DESCRIPTION OF THE TASK ▸ Where the lines below hold images, skip those and copy every word exactly.

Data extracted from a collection
■ ■ ■ ■ ■ ■ ■
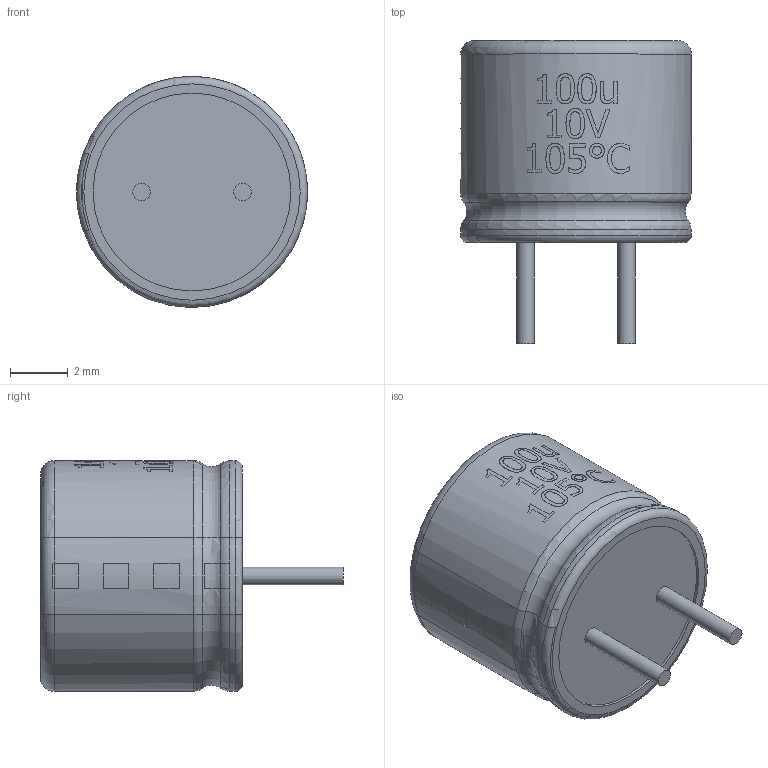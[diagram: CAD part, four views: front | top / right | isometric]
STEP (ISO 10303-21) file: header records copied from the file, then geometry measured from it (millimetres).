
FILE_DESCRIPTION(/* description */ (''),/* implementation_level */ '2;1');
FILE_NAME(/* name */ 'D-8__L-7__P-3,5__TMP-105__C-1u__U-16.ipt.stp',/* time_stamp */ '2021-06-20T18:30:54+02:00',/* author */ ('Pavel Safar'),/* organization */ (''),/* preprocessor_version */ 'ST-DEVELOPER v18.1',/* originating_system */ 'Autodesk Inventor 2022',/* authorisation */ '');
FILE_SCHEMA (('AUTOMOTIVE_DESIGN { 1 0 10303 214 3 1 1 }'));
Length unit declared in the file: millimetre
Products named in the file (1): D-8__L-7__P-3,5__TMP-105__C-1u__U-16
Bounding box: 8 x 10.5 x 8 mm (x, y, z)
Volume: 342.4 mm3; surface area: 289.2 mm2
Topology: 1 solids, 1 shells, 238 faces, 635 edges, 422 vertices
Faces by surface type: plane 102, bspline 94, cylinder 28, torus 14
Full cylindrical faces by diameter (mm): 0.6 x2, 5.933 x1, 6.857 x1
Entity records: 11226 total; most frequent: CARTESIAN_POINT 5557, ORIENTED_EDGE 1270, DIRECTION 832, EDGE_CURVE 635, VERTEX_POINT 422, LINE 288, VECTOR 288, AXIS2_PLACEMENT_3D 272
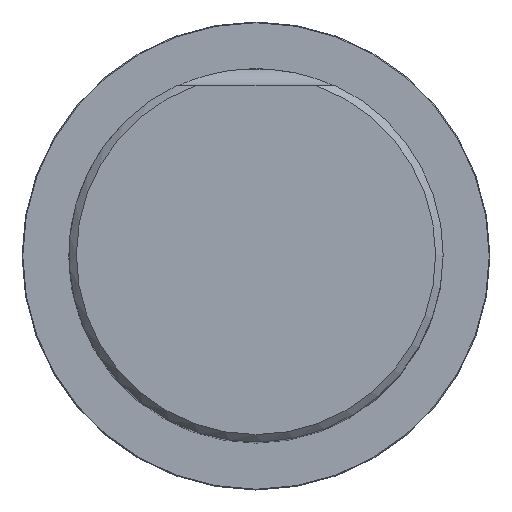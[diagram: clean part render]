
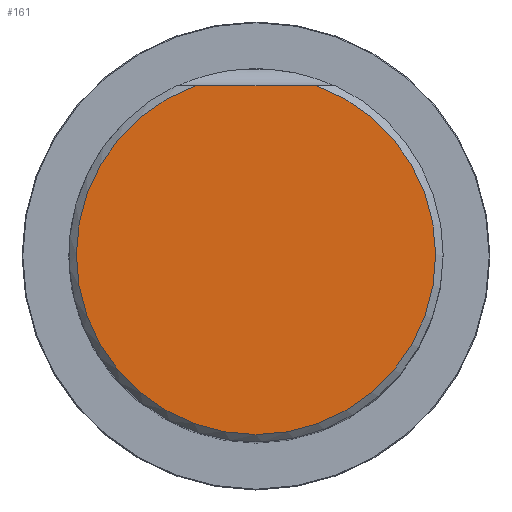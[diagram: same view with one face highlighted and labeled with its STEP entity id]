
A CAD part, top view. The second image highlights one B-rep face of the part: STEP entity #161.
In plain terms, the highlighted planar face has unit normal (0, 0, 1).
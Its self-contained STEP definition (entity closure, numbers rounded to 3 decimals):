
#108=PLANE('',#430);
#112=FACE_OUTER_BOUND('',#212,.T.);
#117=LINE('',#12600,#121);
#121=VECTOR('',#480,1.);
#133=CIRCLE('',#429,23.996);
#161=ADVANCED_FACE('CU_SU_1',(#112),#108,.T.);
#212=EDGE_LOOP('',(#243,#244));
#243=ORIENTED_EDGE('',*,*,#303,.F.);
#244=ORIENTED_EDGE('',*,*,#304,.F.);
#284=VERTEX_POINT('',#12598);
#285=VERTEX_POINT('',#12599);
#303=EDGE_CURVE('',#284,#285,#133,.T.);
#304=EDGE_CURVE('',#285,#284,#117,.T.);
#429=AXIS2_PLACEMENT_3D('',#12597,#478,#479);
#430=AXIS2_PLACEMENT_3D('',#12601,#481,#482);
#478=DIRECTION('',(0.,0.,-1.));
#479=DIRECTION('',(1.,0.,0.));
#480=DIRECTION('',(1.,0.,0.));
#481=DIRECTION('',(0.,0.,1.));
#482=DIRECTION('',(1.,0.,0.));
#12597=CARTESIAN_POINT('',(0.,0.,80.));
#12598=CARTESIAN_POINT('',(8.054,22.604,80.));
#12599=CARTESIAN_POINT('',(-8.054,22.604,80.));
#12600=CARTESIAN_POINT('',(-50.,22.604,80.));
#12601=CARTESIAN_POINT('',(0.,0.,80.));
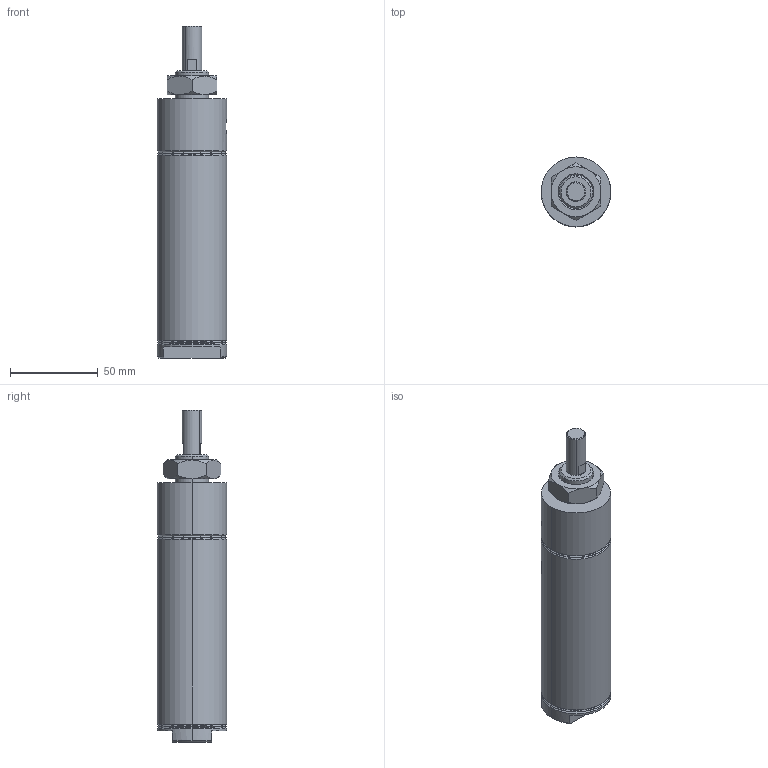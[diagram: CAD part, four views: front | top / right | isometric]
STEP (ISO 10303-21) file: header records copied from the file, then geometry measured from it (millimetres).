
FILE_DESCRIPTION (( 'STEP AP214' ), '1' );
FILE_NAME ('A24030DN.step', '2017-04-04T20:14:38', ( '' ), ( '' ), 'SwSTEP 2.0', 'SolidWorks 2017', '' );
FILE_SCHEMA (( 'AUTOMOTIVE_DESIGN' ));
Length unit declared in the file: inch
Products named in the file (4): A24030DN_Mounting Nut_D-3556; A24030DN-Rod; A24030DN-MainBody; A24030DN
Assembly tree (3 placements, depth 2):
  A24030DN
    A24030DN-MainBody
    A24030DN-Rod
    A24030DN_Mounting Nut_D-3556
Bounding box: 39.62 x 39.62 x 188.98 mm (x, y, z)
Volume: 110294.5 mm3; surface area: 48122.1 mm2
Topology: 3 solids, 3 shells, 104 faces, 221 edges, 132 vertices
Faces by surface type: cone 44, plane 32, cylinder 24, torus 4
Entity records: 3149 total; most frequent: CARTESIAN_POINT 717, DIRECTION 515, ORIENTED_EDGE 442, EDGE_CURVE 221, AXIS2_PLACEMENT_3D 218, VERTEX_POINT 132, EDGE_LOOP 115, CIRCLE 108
■ ■ ■ ■ ■ ■ ■
REPLY TO THE EXERCISE ▸
[diagram: CAD part, four views: front | top / right | isometric]
STEP (ISO 10303-21) file: header records copied from the file, then geometry measured from it (millimetres).
FILE_DESCRIPTION(/* description */ (''),/* implementation_level */ '2;1');
FILE_NAME(/* name */ 'D-8__L-7__P-3,5__TMP-105__C-1u__U-16.ipt.stp',/* time_stamp */ '2021-06-20T18:30:54+02:00',/* author */ ('Pavel Safar'),/* organization */ (''),/* preprocessor_version */ 'ST-DEVELOPER v18.1',/* originating_system */ 'Autodesk Inventor 2022',/* authorisation */ '');
FILE_SCHEMA (('AUTOMOTIVE_DESIGN { 1 0 10303 214 3 1 1 }'));
Length unit declared in the file: millimetre
Products named in the file (1): D-8__L-7__P-3,5__TMP-105__C-1u__U-16
Bounding box: 8 x 10.5 x 8 mm (x, y, z)
Volume: 342.4 mm3; surface area: 289.2 mm2
Topology: 1 solids, 1 shells, 238 faces, 635 edges, 422 vertices
Faces by surface type: plane 102, bspline 94, cylinder 28, torus 14
Full cylindrical faces by diameter (mm): 0.6 x2, 5.933 x1, 6.857 x1
Entity records: 11226 total; most frequent: CARTESIAN_POINT 5557, ORIENTED_EDGE 1270, DIRECTION 832, EDGE_CURVE 635, VERTEX_POINT 422, LINE 288, VECTOR 288, AXIS2_PLACEMENT_3D 272
[diagram: clean part render]
[diagram: same view with one face highlighted and labeled with its STEP entity id]
A CAD part, top view. The second image highlights one B-rep face of the part: STEP entity #161.
In plain terms, the highlighted planar face has unit normal (0, 0, 1).
Its self-contained STEP definition (entity closure, numbers rounded to 3 decimals):
#108=PLANE('',#430);
#112=FACE_OUTER_BOUND('',#212,.T.);
#117=LINE('',#12600,#121);
#121=VECTOR('',#480,1.);
#133=CIRCLE('',#429,23.996);
#161=ADVANCED_FACE('CU_SU_1',(#112),#108,.T.);
#212=EDGE_LOOP('',(#243,#244));
#243=ORIENTED_EDGE('',*,*,#303,.F.);
#244=ORIENTED_EDGE('',*,*,#304,.F.);
#284=VERTEX_POINT('',#12598);
#285=VERTEX_POINT('',#12599);
#303=EDGE_CURVE('',#284,#285,#133,.T.);
#304=EDGE_CURVE('',#285,#284,#117,.T.);
#429=AXIS2_PLACEMENT_3D('',#12597,#478,#479);
#430=AXIS2_PLACEMENT_3D('',#12601,#481,#482);
#478=DIRECTION('',(0.,0.,-1.));
#479=DIRECTION('',(1.,0.,0.));
#480=DIRECTION('',(1.,0.,0.));
#481=DIRECTION('',(0.,0.,1.));
#482=DIRECTION('',(1.,0.,0.));
#12597=CARTESIAN_POINT('',(0.,0.,80.));
#12598=CARTESIAN_POINT('',(8.054,22.604,80.));
#12599=CARTESIAN_POINT('',(-8.054,22.604,80.));
#12600=CARTESIAN_POINT('',(-50.,22.604,80.));
#12601=CARTESIAN_POINT('',(0.,0.,80.));
[diagram: CAD part, four views: front | top / right | isometric]
STEP (ISO 10303-21) file: header records copied from the file, then geometry measured from it (millimetres).
FILE_DESCRIPTION (( 'STEP AP214' ), '1' );
FILE_NAME ('A24030DN.step', '2017-04-04T20:14:38', ( '' ), ( '' ), 'SwSTEP 2.0', 'SolidWorks 2017', '' );
FILE_SCHEMA (( 'AUTOMOTIVE_DESIGN' ));
Length unit declared in the file: inch
Products named in the file (4): A24030DN_Mounting Nut_D-3556; A24030DN-Rod; A24030DN-MainBody; A24030DN
Assembly tree (3 placements, depth 2):
  A24030DN
    A24030DN-MainBody
    A24030DN-Rod
    A24030DN_Mounting Nut_D-3556
Bounding box: 39.62 x 39.62 x 188.98 mm (x, y, z)
Volume: 110294.5 mm3; surface area: 48122.1 mm2
Topology: 3 solids, 3 shells, 104 faces, 221 edges, 132 vertices
Faces by surface type: cone 44, plane 32, cylinder 24, torus 4
Entity records: 3149 total; most frequent: CARTESIAN_POINT 717, DIRECTION 515, ORIENTED_EDGE 442, EDGE_CURVE 221, AXIS2_PLACEMENT_3D 218, VERTEX_POINT 132, EDGE_LOOP 115, CIRCLE 108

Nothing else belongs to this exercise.